[Records from a data source]
^^^^^^^^^^^^^^^^

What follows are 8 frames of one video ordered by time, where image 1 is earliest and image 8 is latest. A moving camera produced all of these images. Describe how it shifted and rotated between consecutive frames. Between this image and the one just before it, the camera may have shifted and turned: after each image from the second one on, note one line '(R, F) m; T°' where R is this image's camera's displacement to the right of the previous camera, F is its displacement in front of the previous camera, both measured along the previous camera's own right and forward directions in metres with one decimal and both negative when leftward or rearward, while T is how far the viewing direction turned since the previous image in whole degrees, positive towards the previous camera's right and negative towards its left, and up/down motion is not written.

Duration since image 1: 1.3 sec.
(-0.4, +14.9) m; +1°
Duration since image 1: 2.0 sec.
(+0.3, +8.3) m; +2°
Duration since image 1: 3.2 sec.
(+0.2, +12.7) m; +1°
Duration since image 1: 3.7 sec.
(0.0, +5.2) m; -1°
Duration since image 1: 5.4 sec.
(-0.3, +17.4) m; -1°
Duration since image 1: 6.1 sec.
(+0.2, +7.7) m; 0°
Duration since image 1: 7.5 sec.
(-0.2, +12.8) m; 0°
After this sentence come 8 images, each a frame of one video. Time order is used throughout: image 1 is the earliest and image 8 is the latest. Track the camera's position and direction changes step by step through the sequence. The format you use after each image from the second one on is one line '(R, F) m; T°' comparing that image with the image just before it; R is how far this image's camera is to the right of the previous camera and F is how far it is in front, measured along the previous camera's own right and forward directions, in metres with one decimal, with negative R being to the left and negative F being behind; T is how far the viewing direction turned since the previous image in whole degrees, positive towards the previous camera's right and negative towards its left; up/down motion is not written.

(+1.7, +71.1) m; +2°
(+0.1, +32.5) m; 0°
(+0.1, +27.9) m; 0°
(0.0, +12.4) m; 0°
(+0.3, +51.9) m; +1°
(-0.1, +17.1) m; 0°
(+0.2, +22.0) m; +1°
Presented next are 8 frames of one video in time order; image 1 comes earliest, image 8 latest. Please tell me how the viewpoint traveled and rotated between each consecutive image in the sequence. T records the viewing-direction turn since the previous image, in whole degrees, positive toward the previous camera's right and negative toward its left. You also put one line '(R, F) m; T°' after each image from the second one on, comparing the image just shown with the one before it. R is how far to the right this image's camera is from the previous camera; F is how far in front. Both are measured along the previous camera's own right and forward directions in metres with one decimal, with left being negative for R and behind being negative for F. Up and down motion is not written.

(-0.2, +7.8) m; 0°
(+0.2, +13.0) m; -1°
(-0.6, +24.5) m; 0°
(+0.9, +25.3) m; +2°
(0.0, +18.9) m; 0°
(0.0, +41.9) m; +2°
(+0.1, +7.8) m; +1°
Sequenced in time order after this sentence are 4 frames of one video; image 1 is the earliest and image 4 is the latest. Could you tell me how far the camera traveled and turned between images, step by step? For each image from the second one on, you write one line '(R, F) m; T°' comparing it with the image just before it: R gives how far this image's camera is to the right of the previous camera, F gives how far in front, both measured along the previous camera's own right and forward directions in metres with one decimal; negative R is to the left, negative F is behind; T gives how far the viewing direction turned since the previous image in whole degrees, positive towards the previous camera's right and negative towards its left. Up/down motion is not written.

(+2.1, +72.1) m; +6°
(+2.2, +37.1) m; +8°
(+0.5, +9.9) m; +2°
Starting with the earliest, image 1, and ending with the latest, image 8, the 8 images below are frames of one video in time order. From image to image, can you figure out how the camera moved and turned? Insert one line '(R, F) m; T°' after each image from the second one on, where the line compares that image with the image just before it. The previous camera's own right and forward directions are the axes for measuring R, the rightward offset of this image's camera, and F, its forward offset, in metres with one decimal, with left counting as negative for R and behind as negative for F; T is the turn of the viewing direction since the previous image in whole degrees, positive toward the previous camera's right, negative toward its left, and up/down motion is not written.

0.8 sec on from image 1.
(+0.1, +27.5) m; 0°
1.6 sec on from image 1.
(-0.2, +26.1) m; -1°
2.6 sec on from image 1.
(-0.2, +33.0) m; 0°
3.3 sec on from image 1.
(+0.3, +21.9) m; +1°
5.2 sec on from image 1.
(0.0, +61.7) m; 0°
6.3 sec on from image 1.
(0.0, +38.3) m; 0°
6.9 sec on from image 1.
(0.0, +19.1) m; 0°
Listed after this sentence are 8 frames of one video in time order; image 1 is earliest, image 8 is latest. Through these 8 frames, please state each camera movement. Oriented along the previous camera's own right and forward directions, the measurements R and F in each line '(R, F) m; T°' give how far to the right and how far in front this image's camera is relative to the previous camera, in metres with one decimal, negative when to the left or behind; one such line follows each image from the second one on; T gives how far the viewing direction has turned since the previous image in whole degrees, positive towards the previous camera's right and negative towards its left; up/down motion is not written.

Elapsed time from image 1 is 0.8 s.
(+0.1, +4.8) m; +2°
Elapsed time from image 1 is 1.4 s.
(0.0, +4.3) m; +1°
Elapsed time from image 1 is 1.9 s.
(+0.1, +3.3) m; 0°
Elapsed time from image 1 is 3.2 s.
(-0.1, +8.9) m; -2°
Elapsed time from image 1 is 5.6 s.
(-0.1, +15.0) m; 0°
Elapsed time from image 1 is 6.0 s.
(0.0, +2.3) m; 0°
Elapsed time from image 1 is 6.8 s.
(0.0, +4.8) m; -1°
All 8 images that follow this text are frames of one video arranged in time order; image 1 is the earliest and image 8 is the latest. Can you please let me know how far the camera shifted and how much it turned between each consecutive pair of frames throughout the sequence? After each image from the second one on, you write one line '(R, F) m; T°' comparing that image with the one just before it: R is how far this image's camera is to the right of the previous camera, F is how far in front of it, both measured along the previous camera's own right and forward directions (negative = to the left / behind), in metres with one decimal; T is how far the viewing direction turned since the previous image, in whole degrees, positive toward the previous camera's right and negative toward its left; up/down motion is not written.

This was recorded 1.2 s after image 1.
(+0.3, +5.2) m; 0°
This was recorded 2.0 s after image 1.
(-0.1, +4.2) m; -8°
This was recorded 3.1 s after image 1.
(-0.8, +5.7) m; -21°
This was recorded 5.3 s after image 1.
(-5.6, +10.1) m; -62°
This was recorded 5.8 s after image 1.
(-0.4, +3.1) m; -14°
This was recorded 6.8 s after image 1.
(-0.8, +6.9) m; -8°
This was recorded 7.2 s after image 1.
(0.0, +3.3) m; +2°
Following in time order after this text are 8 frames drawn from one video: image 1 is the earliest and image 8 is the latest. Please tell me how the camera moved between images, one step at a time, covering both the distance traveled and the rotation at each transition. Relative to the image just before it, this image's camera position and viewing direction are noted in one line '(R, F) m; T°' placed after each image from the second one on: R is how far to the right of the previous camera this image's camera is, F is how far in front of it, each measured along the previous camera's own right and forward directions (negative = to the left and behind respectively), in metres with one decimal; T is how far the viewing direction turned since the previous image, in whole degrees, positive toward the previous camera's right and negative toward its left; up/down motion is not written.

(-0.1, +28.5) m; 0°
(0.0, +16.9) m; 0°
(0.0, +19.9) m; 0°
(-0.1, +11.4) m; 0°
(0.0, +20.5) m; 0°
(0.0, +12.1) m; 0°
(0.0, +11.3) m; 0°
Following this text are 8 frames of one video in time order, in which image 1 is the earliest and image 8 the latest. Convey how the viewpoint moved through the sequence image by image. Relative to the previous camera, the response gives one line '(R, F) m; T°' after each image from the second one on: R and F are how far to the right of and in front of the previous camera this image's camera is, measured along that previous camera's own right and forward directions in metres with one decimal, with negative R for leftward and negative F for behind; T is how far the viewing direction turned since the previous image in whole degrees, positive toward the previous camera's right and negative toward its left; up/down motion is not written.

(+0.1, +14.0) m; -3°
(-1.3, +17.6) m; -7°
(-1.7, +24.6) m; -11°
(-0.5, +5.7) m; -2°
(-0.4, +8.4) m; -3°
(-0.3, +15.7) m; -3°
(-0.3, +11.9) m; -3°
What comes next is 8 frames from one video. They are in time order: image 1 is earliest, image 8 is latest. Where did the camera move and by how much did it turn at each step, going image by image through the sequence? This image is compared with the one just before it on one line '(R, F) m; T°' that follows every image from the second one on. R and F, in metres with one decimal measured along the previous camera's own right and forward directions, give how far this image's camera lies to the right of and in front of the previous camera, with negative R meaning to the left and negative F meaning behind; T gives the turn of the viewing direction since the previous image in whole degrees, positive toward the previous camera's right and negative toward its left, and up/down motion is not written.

^^^^^^^^^^^^^^^^

_DIRECTIONS FOR THIS TASK_. Would you copy each line of the records that contains "these"?

_EXERCISE SOLUTION_.
What follows are 8 frames of one video ordered by time, where image 1 is earliest and image 8 is latest. A moving camera produced all of these images. Describe how it shifted and rotated between consecutive frames. Between this image and the one just before it, the camera may have shifted and turned: after each image from the second one on, note one line '(R, F) m; T°' where R is this image's camera's displacement to the right of the previous camera, F is its displacement in front of the previous camera, both measured along the previous camera's own right and forward directions in metres with one decimal and both negative when leftward or rearward, while T is how far the viewing direction turned since the previous image in whole degrees, positive towards the previous camera's right and negative towards its left, and up/down motion is not written.
Listed after this sentence are 8 frames of one video in time order; image 1 is earliest, image 8 is latest. Through these 8 frames, please state each camera movement. Oriented along the previous camera's own right and forward directions, the measurements R and F in each line '(R, F) m; T°' give how far to the right and how far in front this image's camera is relative to the previous camera, in metres with one decimal, negative when to the left or behind; one such line follows each image from the second one on; T gives how far the viewing direction has turned since the previous image in whole degrees, positive towards the previous camera's right and negative towards its left; up/down motion is not written.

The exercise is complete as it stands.